# Task statement:
Nothing in the entries should change; repeat them exactly.

━━ Records provided ━━

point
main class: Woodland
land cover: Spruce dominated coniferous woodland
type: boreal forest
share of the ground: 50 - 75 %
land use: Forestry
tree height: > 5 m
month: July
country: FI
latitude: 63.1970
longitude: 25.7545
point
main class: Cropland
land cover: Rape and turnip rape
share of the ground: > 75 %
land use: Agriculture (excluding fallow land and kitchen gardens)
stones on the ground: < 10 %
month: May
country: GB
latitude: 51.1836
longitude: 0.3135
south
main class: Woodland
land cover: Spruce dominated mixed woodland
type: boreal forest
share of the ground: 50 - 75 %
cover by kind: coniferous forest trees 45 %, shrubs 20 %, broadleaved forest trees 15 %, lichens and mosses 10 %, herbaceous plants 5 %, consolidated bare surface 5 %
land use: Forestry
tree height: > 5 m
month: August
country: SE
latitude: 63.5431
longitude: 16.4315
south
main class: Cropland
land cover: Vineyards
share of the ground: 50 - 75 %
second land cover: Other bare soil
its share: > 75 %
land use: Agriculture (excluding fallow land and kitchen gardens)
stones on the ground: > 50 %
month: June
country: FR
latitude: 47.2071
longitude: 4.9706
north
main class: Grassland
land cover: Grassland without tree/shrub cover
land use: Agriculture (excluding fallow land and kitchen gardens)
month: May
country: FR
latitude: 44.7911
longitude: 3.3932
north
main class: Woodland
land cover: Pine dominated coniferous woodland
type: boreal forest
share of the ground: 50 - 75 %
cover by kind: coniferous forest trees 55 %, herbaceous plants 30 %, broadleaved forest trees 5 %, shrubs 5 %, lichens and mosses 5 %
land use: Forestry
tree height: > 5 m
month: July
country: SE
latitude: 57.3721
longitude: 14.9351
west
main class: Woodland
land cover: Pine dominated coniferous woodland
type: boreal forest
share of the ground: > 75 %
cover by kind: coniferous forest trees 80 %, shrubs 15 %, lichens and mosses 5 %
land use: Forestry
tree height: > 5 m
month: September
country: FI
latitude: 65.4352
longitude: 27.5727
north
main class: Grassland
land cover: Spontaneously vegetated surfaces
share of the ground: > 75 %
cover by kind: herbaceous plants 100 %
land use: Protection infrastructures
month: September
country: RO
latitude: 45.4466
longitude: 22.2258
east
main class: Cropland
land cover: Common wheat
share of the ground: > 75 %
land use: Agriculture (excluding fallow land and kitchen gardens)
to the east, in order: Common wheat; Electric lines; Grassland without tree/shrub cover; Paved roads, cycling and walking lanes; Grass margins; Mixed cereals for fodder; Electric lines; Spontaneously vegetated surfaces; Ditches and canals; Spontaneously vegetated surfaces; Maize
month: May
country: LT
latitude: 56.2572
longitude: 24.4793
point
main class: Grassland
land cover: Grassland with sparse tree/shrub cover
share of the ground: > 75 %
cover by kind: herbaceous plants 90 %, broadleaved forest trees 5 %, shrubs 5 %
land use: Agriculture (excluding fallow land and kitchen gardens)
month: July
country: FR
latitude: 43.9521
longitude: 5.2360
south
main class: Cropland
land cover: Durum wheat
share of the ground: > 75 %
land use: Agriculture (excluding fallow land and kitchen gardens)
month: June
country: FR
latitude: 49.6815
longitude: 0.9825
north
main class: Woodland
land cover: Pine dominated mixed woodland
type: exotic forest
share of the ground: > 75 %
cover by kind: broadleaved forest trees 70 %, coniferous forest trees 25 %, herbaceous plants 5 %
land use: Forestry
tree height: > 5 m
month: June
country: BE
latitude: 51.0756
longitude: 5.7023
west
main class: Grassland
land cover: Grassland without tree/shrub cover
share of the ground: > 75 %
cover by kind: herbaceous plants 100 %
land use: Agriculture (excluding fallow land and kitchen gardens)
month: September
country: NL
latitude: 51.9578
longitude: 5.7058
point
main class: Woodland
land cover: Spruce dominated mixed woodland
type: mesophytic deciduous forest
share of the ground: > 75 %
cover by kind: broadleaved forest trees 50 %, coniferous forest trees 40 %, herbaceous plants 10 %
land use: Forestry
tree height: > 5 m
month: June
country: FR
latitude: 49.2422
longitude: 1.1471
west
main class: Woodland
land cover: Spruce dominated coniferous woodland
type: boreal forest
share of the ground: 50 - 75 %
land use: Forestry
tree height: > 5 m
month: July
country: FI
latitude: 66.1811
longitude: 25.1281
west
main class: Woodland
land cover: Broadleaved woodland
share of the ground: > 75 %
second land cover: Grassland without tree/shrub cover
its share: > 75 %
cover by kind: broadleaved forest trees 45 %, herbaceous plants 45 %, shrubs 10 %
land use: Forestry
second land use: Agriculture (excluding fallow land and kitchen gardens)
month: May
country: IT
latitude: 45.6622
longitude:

━━━

# Exercise answer:
point
main class: Woodland
land cover: Spruce dominated coniferous woodland
type: boreal forest
share of the ground: 50 - 75 %
land use: Forestry
tree height: > 5 m
month: July
country: FI
latitude: 63.1970
longitude: 25.7545
point
main class: Cropland
land cover: Rape and turnip rape
share of the ground: > 75 %
land use: Agriculture (excluding fallow land and kitchen gardens)
stones on the ground: < 10 %
month: May
country: GB
latitude: 51.1836
longitude: 0.3135
south
main class: Woodland
land cover: Spruce dominated mixed woodland
type: boreal forest
share of the ground: 50 - 75 %
cover by kind: coniferous forest trees 45 %, shrubs 20 %, broadleaved forest trees 15 %, lichens and mosses 10 %, herbaceous plants 5 %, consolidated bare surface 5 %
land use: Forestry
tree height: > 5 m
month: August
country: SE
latitude: 63.5431
longitude: 16.4315
south
main class: Cropland
land cover: Vineyards
share of the ground: 50 - 75 %
second land cover: Other bare soil
its share: > 75 %
land use: Agriculture (excluding fallow land and kitchen gardens)
stones on the ground: > 50 %
month: June
country: FR
latitude: 47.2071
longitude: 4.9706
north
main class: Grassland
land cover: Grassland without tree/shrub cover
land use: Agriculture (excluding fallow land and kitchen gardens)
month: May
country: FR
latitude: 44.7911
longitude: 3.3932
north
main class: Woodland
land cover: Pine dominated coniferous woodland
type: boreal forest
share of the ground: 50 - 75 %
cover by kind: coniferous forest trees 55 %, herbaceous plants 30 %, broadleaved forest trees 5 %, shrubs 5 %, lichens and mosses 5 %
land use: Forestry
tree height: > 5 m
month: July
country: SE
latitude: 57.3721
longitude: 14.9351
west
main class: Woodland
land cover: Pine dominated coniferous woodland
type: boreal forest
share of the ground: > 75 %
cover by kind: coniferous forest trees 80 %, shrubs 15 %, lichens and mosses 5 %
land use: Forestry
tree height: > 5 m
month: September
country: FI
latitude: 65.4352
longitude: 27.5727
north
main class: Grassland
land cover: Spontaneously vegetated surfaces
share of the ground: > 75 %
cover by kind: herbaceous plants 100 %
land use: Protection infrastructures
month: September
country: RO
latitude: 45.4466
longitude: 22.2258
east
main class: Cropland
land cover: Common wheat
share of the ground: > 75 %
land use: Agriculture (excluding fallow land and kitchen gardens)
to the east, in order: Common wheat; Electric lines; Grassland without tree/shrub cover; Paved roads, cycling and walking lanes; Grass margins; Mixed cereals for fodder; Electric lines; Spontaneously vegetated surfaces; Ditches and canals; Spontaneously vegetated surfaces; Maize
month: May
country: LT
latitude: 56.2572
longitude: 24.4793
point
main class: Grassland
land cover: Grassland with sparse tree/shrub cover
share of the ground: > 75 %
cover by kind: herbaceous plants 90 %, broadleaved forest trees 5 %, shrubs 5 %
land use: Agriculture (excluding fallow land and kitchen gardens)
month: July
country: FR
latitude: 43.9521
longitude: 5.2360
south
main class: Cropland
land cover: Durum wheat
share of the ground: > 75 %
land use: Agriculture (excluding fallow land and kitchen gardens)
month: June
country: FR
latitude: 49.6815
longitude: 0.9825
north
main class: Woodland
land cover: Pine dominated mixed woodland
type: exotic forest
share of the ground: > 75 %
cover by kind: broadleaved forest trees 70 %, coniferous forest trees 25 %, herbaceous plants 5 %
land use: Forestry
tree height: > 5 m
month: June
country: BE
latitude: 51.0756
longitude: 5.7023
west
main class: Grassland
land cover: Grassland without tree/shrub cover
share of the ground: > 75 %
cover by kind: herbaceous plants 100 %
land use: Agriculture (excluding fallow land and kitchen gardens)
month: September
country: NL
latitude: 51.9578
longitude: 5.7058
point
main class: Woodland
land cover: Spruce dominated mixed woodland
type: mesophytic deciduous forest
share of the ground: > 75 %
cover by kind: broadleaved forest trees 50 %, coniferous forest trees 40 %, herbaceous plants 10 %
land use: Forestry
tree height: > 5 m
month: June
country: FR
latitude: 49.2422
longitude: 1.1471
west
main class: Woodland
land cover: Spruce dominated coniferous woodland
type: boreal forest
share of the ground: 50 - 75 %
land use: Forestry
tree height: > 5 m
month: July
country: FI
latitude: 66.1811
longitude: 25.1281
west
main class: Woodland
land cover: Broadleaved woodland
share of the ground: > 75 %
second land cover: Grassland without tree/shrub cover
its share: > 75 %
cover by kind: broadleaved forest trees 45 %, herbaceous plants 45 %, shrubs 10 %
land use: Forestry
second land use: Agriculture (excluding fallow land and kitchen gardens)
month: May
country: IT
latitude: 45.6622
longitude:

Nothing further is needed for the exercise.